(Beginning of Data section)

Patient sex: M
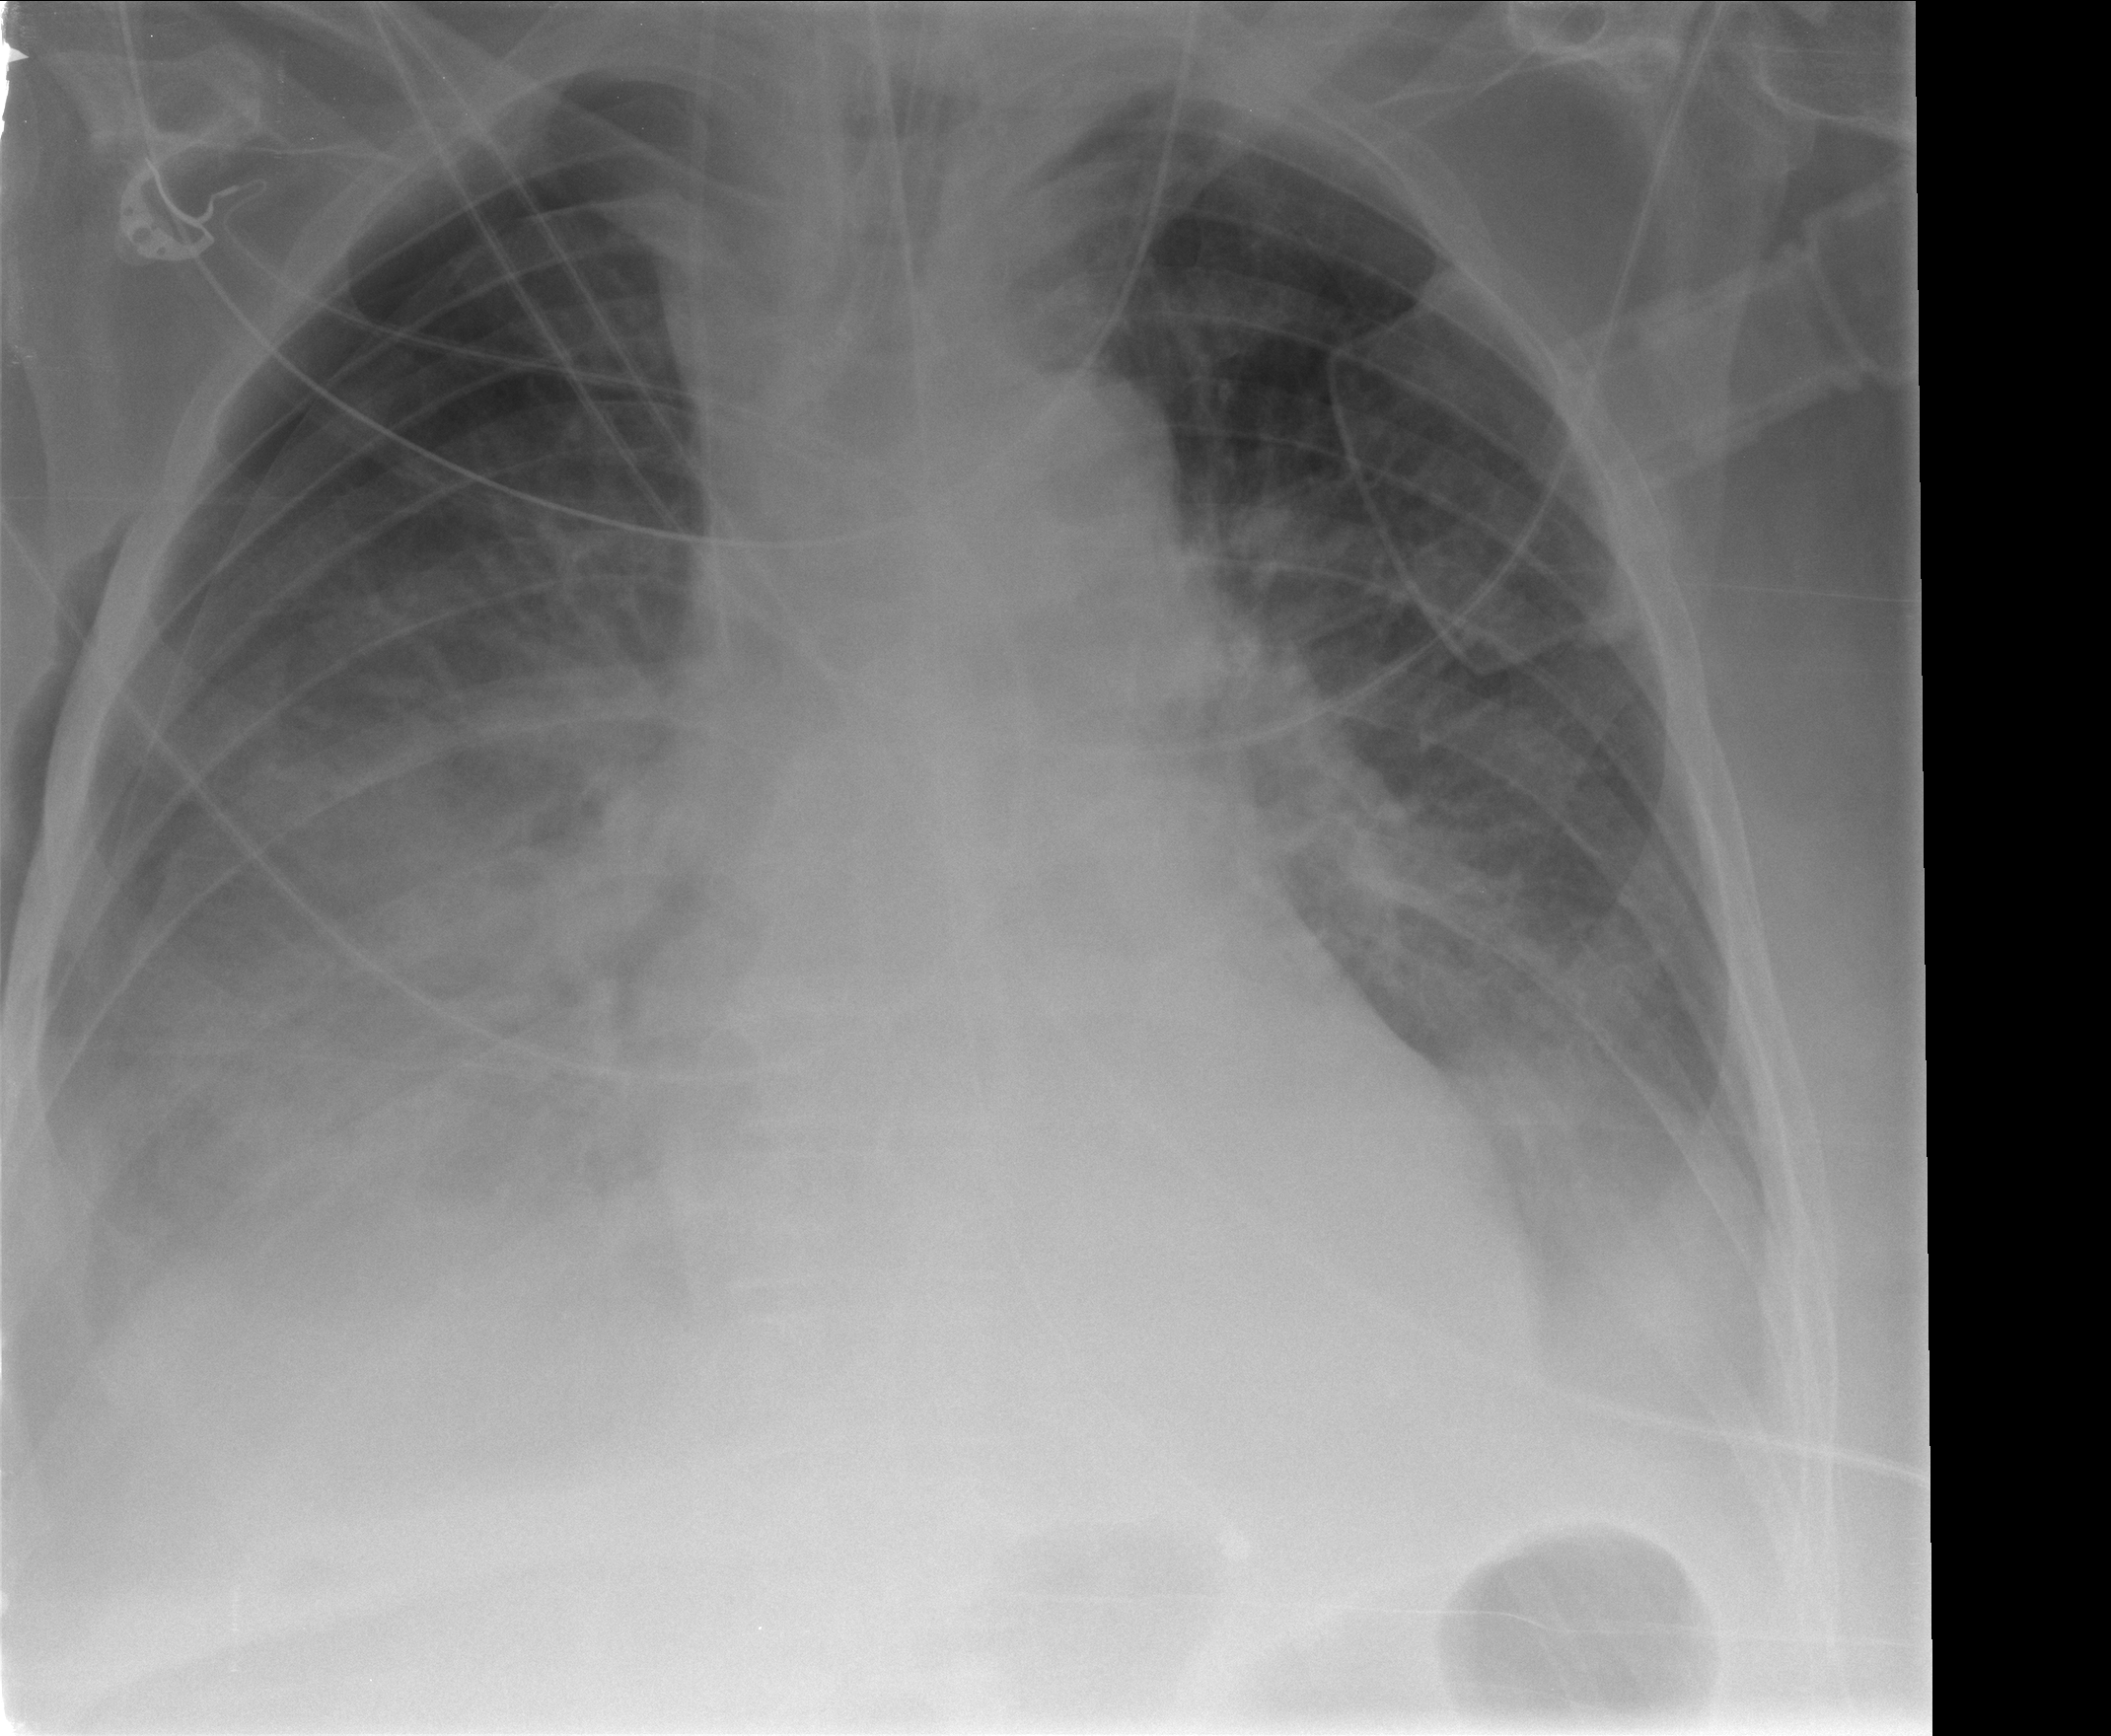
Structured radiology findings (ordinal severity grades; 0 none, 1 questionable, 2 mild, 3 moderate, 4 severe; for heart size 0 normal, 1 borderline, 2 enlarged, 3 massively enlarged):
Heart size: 1
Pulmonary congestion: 2
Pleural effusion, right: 3
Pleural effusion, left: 2
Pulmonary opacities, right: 0
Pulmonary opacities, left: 0
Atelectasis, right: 3
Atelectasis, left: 2
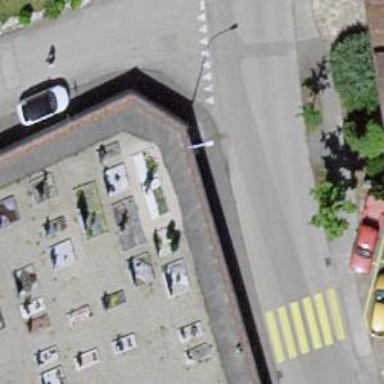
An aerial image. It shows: City wall in the picture.
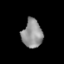
Tissue: lung
Cell type: Epithelial cells
Senescence score: 0.207
Nuclear area (px): 562
Mean DAPI intensity: 145.557
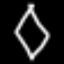
Label: diamond
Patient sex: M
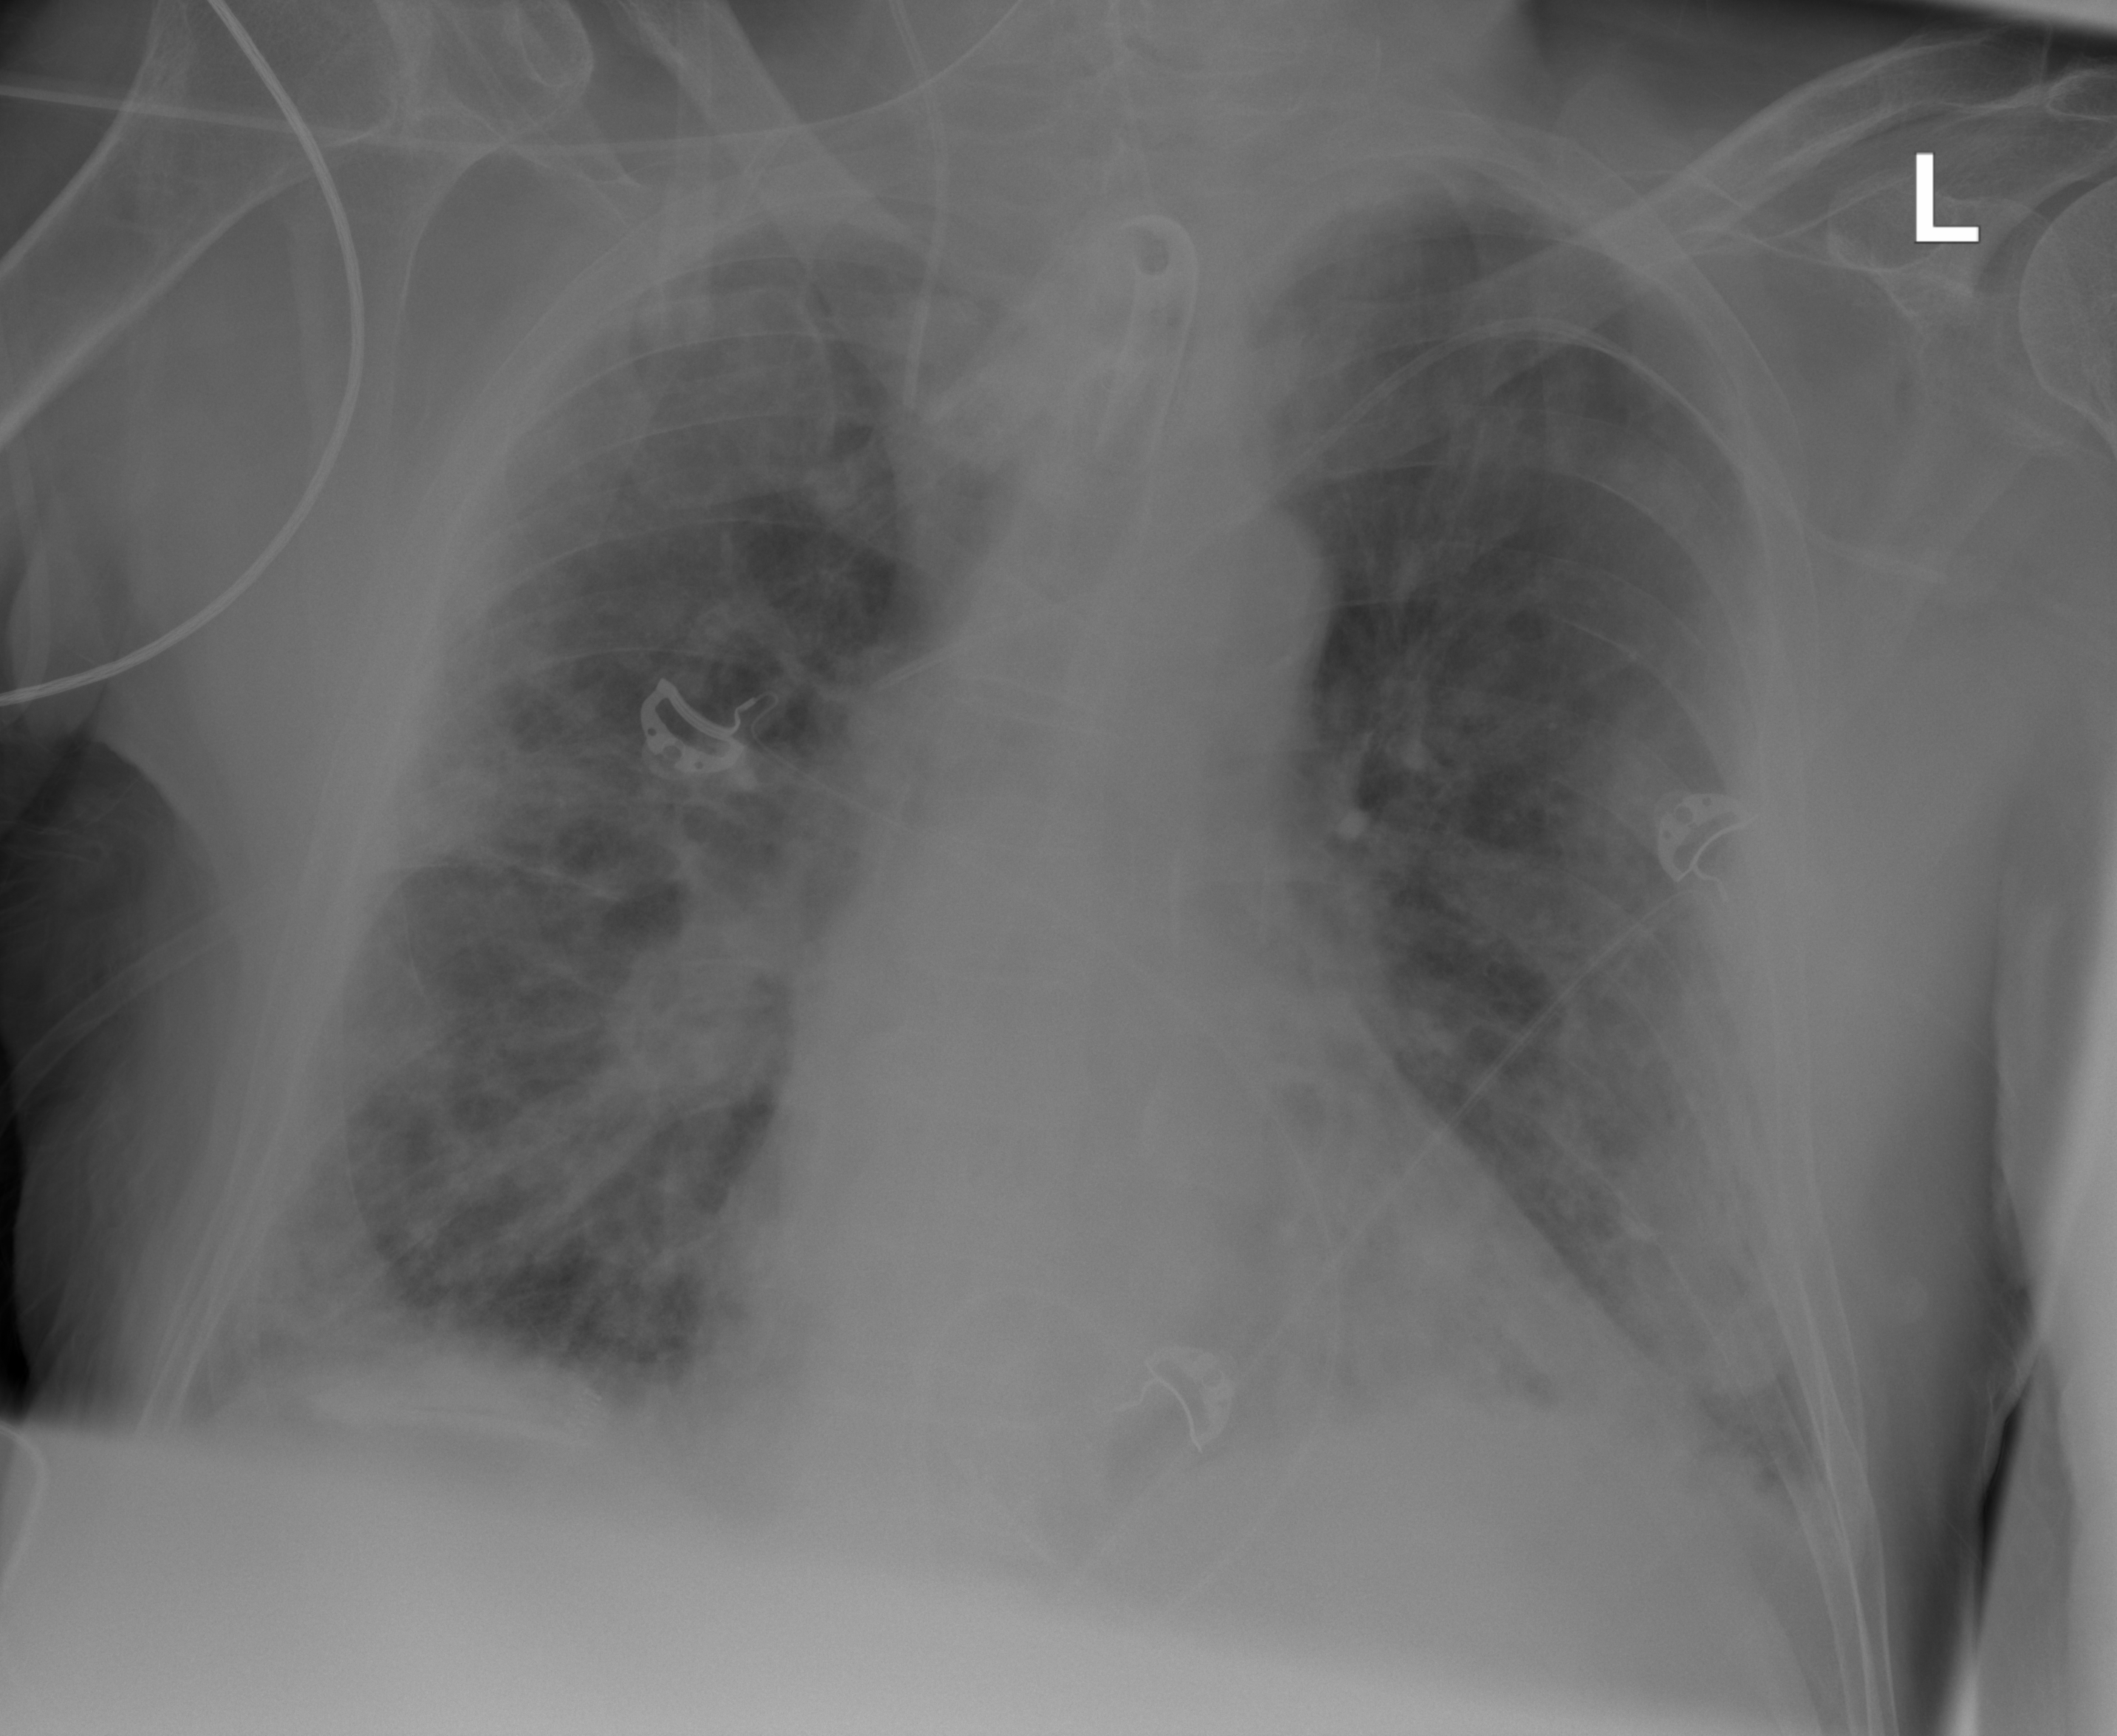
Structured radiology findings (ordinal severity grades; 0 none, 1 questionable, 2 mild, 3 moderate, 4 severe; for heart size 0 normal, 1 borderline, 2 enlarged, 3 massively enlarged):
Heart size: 0
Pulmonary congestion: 2
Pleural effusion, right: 0
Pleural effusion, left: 0
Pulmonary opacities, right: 3
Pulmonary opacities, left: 3
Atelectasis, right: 2
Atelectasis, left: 2

(End of Data section)

Search the entries above for the word "left", and copy every line where it occurs.

Pleural effusion, left: 2
Pulmonary opacities, left: 0
Atelectasis, left: 2
Pleural effusion, left: 0
Pulmonary opacities, left: 3
Atelectasis, left: 2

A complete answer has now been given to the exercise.